The stiffness of a reinforced concrete beam with random parameters the cracks formation

Abstract

The work of a reinforced concrete beam lying on an elastic foundation is considered, the deformation characteristics of which are described by a model with two Vlasov-Pasternak bed coefficients. The bed coefficients are considered as stationary random normally distributed functions of the x coordinate. Strength characteristics of concrete: cube strength and concrete tensile strength are assumed to be random variables with Gaussian probability density distributions. The concentrated forces approximating the columns of the building are applied at regular intervals and are assumed to be random normally distributed values. After the formation of cracks in the sections under concentrated forces in the beam, areas with a reduced bending stiffness are formed, and therefore the stiffness of the beam becomes variable along the length of the beam.
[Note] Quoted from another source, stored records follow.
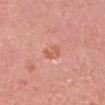follow-up: catalogued during a skin exam; not biopsied
automated lesion analysis: a footprint of about 3 mm², a shape eccentricity near 0.85, and a shape-asymmetry score of about 0.3 (0 = symmetric); a lesion color around L≈60 a*≈27 b*≈32 in CIELAB, roughly 8 lightness units darker than nearby skin, and a normalized lesion–skin contrast near 6
patient: female, aged approximately 40
lesion size: about 2.5 mm
tile lighting: white-light
location: the head or neck
image source: total-body-photography crop, ~15 mm field of view
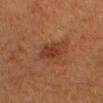  biopsy_status: not biopsied; imaged during a skin examination
  image:
    source: total-body photography crop
    field_of_view_mm: 15
  lighting: cross-polarized
  patient:
    sex: female
    age_approx: 40
  site: head or neck
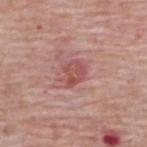The lesion is located on the back. The lesion's longest dimension is about 3 mm. Captured under white-light illumination. A male subject, roughly 65 years of age. A region of skin cropped from a whole-body photographic capture, roughly 15 mm wide.
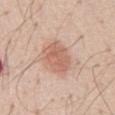{
  "biopsy_status": "not biopsied; imaged during a skin examination",
  "image": {
    "source": "total-body photography crop",
    "field_of_view_mm": 15
  },
  "patient": {
    "sex": "male",
    "age_approx": 70
  },
  "site": "abdomen"
}
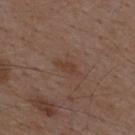Q: Was a biopsy performed?
A: catalogued during a skin exam; not biopsied
Q: What kind of image is this?
A: 15 mm crop, total-body photography
Q: What is the anatomic site?
A: the mid back
Q: Patient demographics?
A: male, about 50 years old
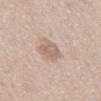Notes:
* biopsy status — no biopsy performed (imaged during a skin exam)
* acquisition — ~15 mm crop, total-body skin-cancer survey
* location — the abdomen
* diameter — ~3 mm (longest diameter)
* patient — male, roughly 60 years of age
* image-analysis metrics — an eccentricity of roughly 0.25 and a symmetry-axis asymmetry near 0.1; a border-irregularity index near 1.5/10, internal color variation of about 2.5 on a 0–10 scale, and radial color variation of about 1
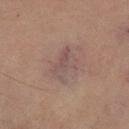Assessment: This lesion was catalogued during total-body skin photography and was not selected for biopsy. Background: A roughly 15 mm field-of-view crop from a total-body skin photograph. The recorded lesion diameter is about 4 mm. Automated image analysis of the tile measured an area of roughly 8.5 mm², an eccentricity of roughly 0.7, and two-axis asymmetry of about 0.4. The software also gave a lesion color around L≈43 a*≈15 b*≈18 in CIELAB, a lesion–skin lightness drop of about 5, and a normalized lesion–skin contrast near 5.5. It also reported a border-irregularity rating of about 5/10, internal color variation of about 4 on a 0–10 scale, and a peripheral color-asymmetry measure near 1.5. The software also gave a classifier nevus-likeness of about 0/100 and a detector confidence of about 95 out of 100 that the crop contains a lesion. A female subject approximately 70 years of age. Located on the right thigh.
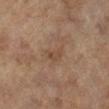Impression:
Part of a total-body skin-imaging series; this lesion was reviewed on a skin check and was not flagged for biopsy.
Clinical summary:
A female subject aged around 60. The lesion is located on the left lower leg. The recorded lesion diameter is about 2.5 mm. This is a cross-polarized tile. This image is a 15 mm lesion crop taken from a total-body photograph.
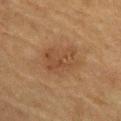Imaged during a routine full-body skin examination; the lesion was not biopsied and no histopathology is available. From the abdomen. A roughly 15 mm field-of-view crop from a total-body skin photograph. A male patient, aged around 85 or older. An algorithmic analysis of the crop reported an automated nevus-likeness rating near 20 out of 100 and a detector confidence of about 100 out of 100 that the crop contains a lesion.
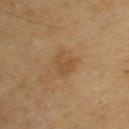Q: What kind of image is this?
A: ~15 mm crop, total-body skin-cancer survey
Q: Where on the body is the lesion?
A: the left upper arm
Q: How was the tile lit?
A: cross-polarized
Q: What are the patient's age and sex?
A: male, aged 53–57
Q: What is the lesion's diameter?
A: about 3 mm
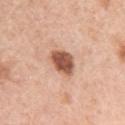Notes:
* workup — total-body-photography surveillance lesion; no biopsy
* lesion size — ~3.5 mm (longest diameter)
* imaging modality — ~15 mm tile from a whole-body skin photo
* illumination — white-light illumination
* body site — the left upper arm
* subject — female, aged 58–62

The solution of the differential equation of bending of a beam with variable stiffness lying on an elastic foundation is proposed to be sought by a variational method minimizing the functional of the additional energy principle. The deflections of a beam with variable stiffness will be approximated by a function that satisfies the boundary conditions and the equilibrium condition. From the equality of the deflections of a beam with constant equivalent bending stiffness and deflections of a beam with variable bending stiffness due to cracking, the constant equivalent stiffness and its statistical parameters are determined. Knowing the constant equivalent bending stiffness of a concrete beam and using the known solutions of the bending equation of a beam lying on an elastic foundation with random properties, it becomes possible to find the probabilistic parameters of bending moments and shear forces and to determine the probability of the onset of limit states of the beam along the normal and inclined sections.